Likewise, Tennessee police officer Gary Dockery, who was left paralyzed and mute after a 1988 shooting, started talking to his family one day in 1996, telling jokes and talking about yearly winter camping trips.

What can explain these miraculous recoveries?

Experts say one possibility is that the brain might have been impaired not just from the injury, but from some other condition, such as an infection or seizure. When the other condition is treated or removed, the individual’s mental state improves.

For instance, some individuals have longstanding but subtle seizures after a head injury that can cause confusion and when they are treated, "Boom, people get better," Dr. James Bernat, a neurology professor at Dartmouth University told the AP. "I’ve seen that happen."

Bernat adds that liver disease, lung trouble, anemia, infections, and diabetes can also lead to neurological problems.

"I’m not saying that’s the case here (with the firefighter)," Bernat told the AP. "But these are the kinds of details we would need to know in order to properly interpret what happened."

Dr. Jack Parent, an assistant neurology professor at the University of Michigan Medical School, told the AP that scientists have only recently come to appreciate how much potential the brain has for self-repair.

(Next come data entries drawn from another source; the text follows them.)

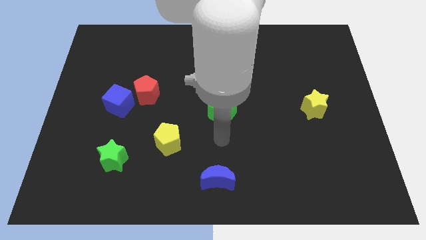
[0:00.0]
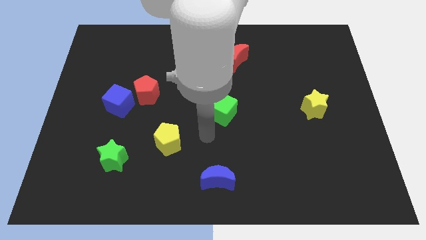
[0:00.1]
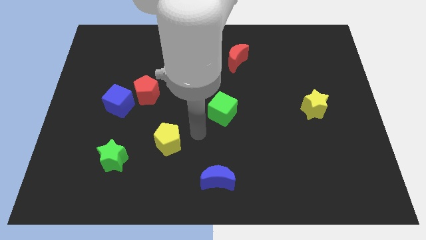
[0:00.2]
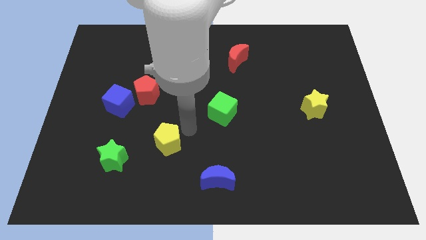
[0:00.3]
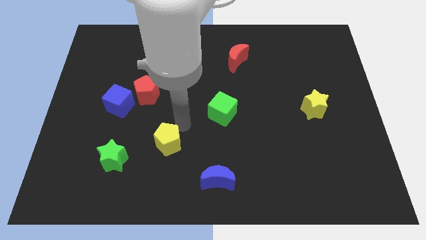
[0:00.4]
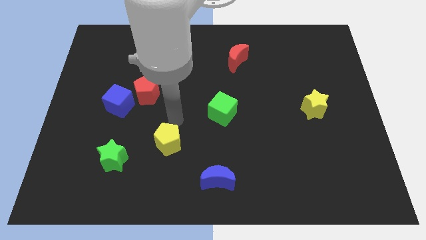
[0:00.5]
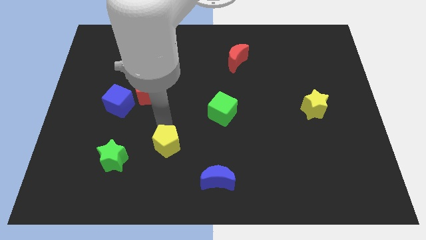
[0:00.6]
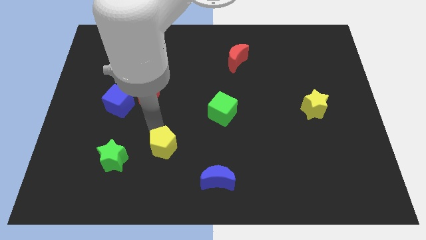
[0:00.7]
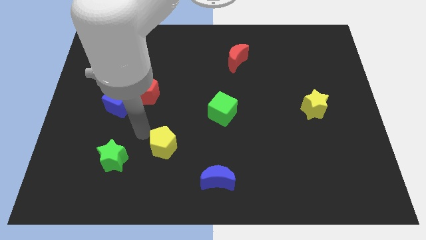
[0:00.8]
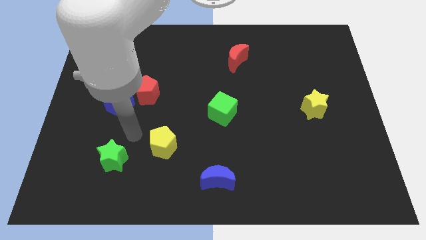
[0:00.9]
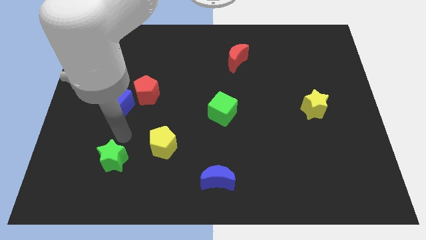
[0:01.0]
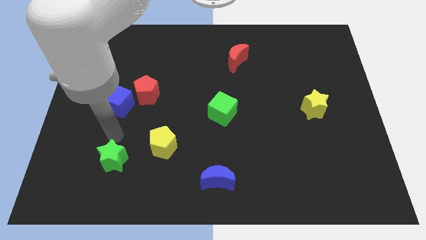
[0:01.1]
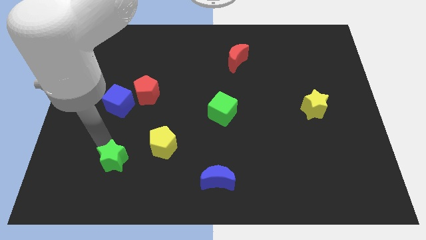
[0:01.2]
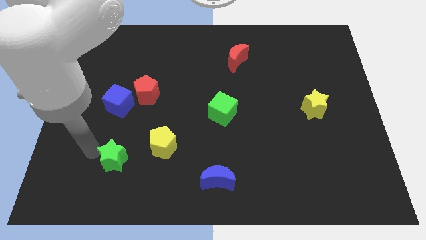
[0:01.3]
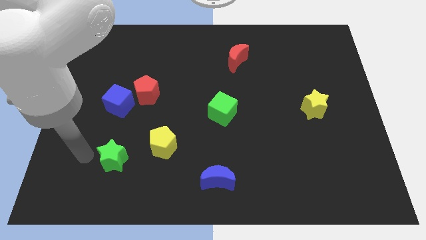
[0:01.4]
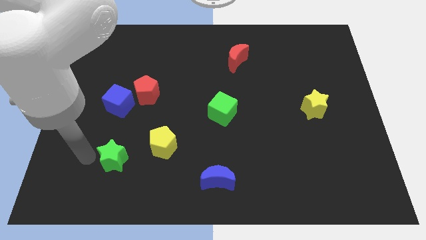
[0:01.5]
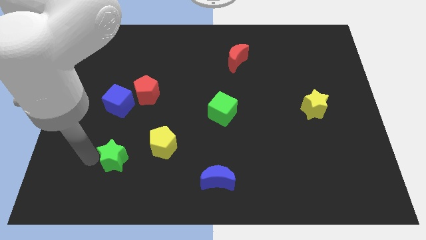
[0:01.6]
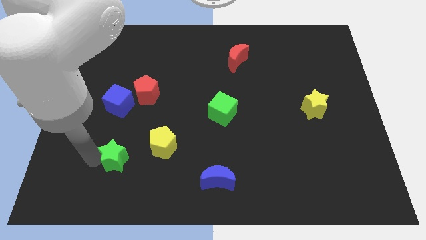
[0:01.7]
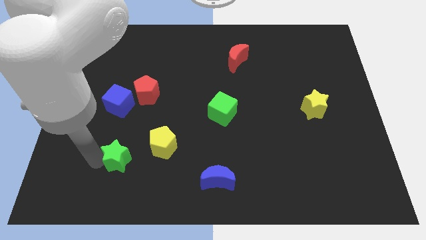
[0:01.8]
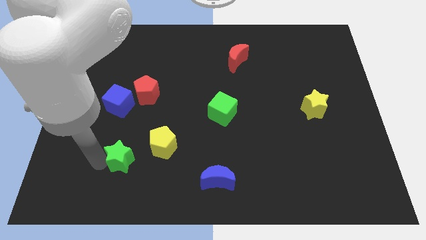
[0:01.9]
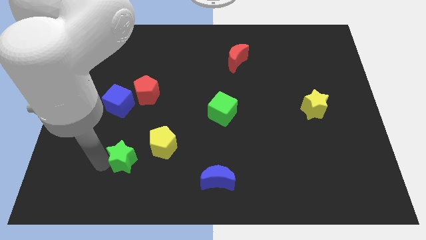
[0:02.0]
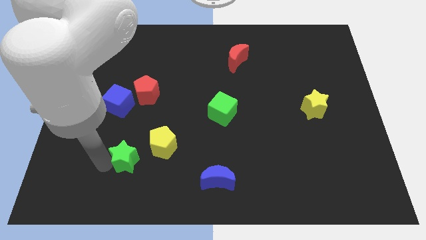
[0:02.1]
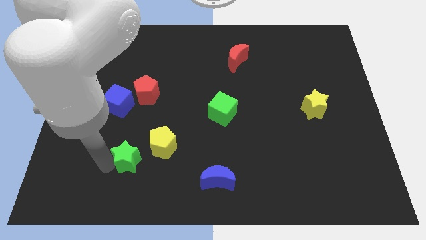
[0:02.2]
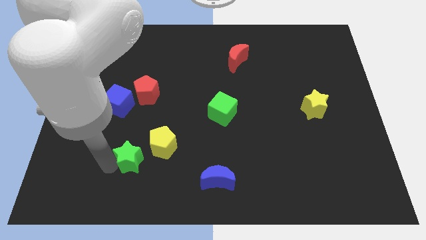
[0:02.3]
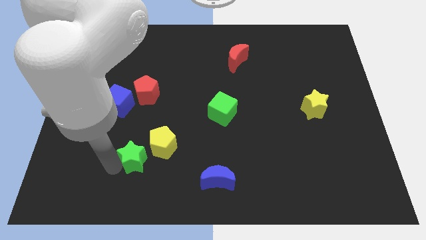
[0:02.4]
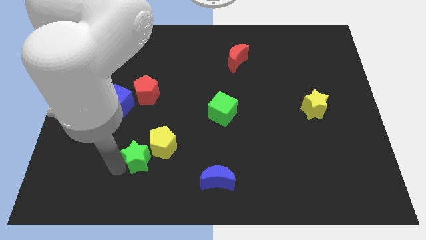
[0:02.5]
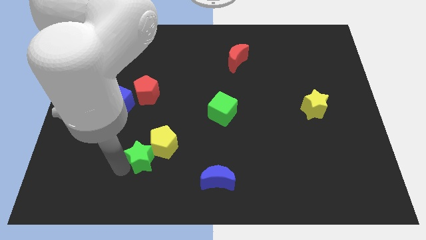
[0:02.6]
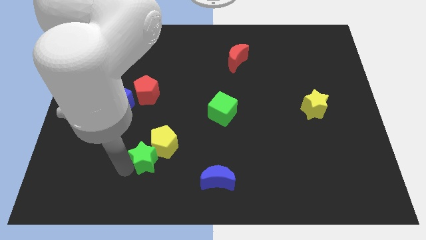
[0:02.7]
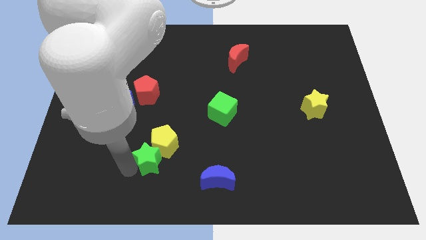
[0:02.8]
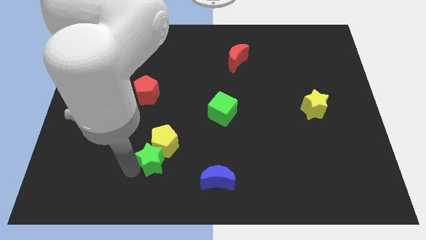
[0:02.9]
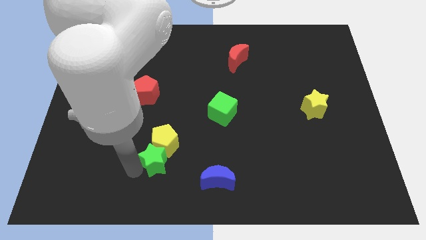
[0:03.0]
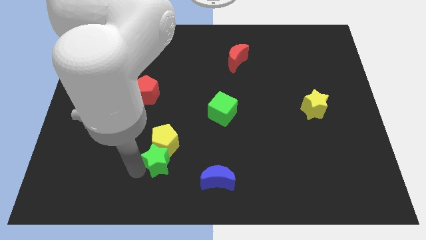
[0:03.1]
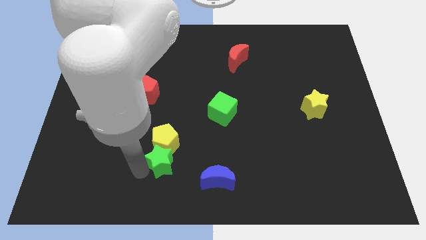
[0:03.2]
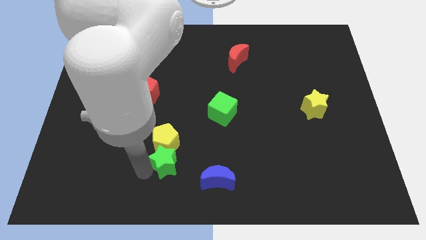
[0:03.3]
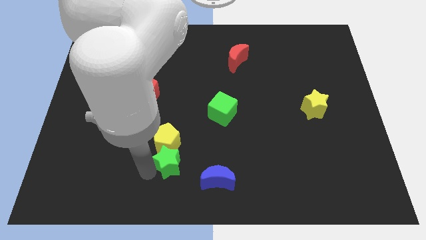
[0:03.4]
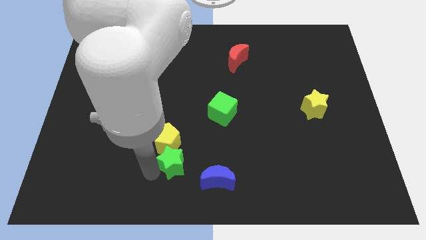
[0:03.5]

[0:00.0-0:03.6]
slide the green star diagonally up and to the left of the blue moon

If a person’s motivation is hampered, Parent told the AP, "you could look a lot more impaired than your brain actually is." If the brain’s neuronal circuitry is damaged and then gets repaired, it could produce a sudden improvement.

Meanwhile, Michael Powel, a neurosurgeon at the National Hospital for Neurology and Neurosurgery in London, told the BBC he had not seen anything similar in his 25 years as a specialist.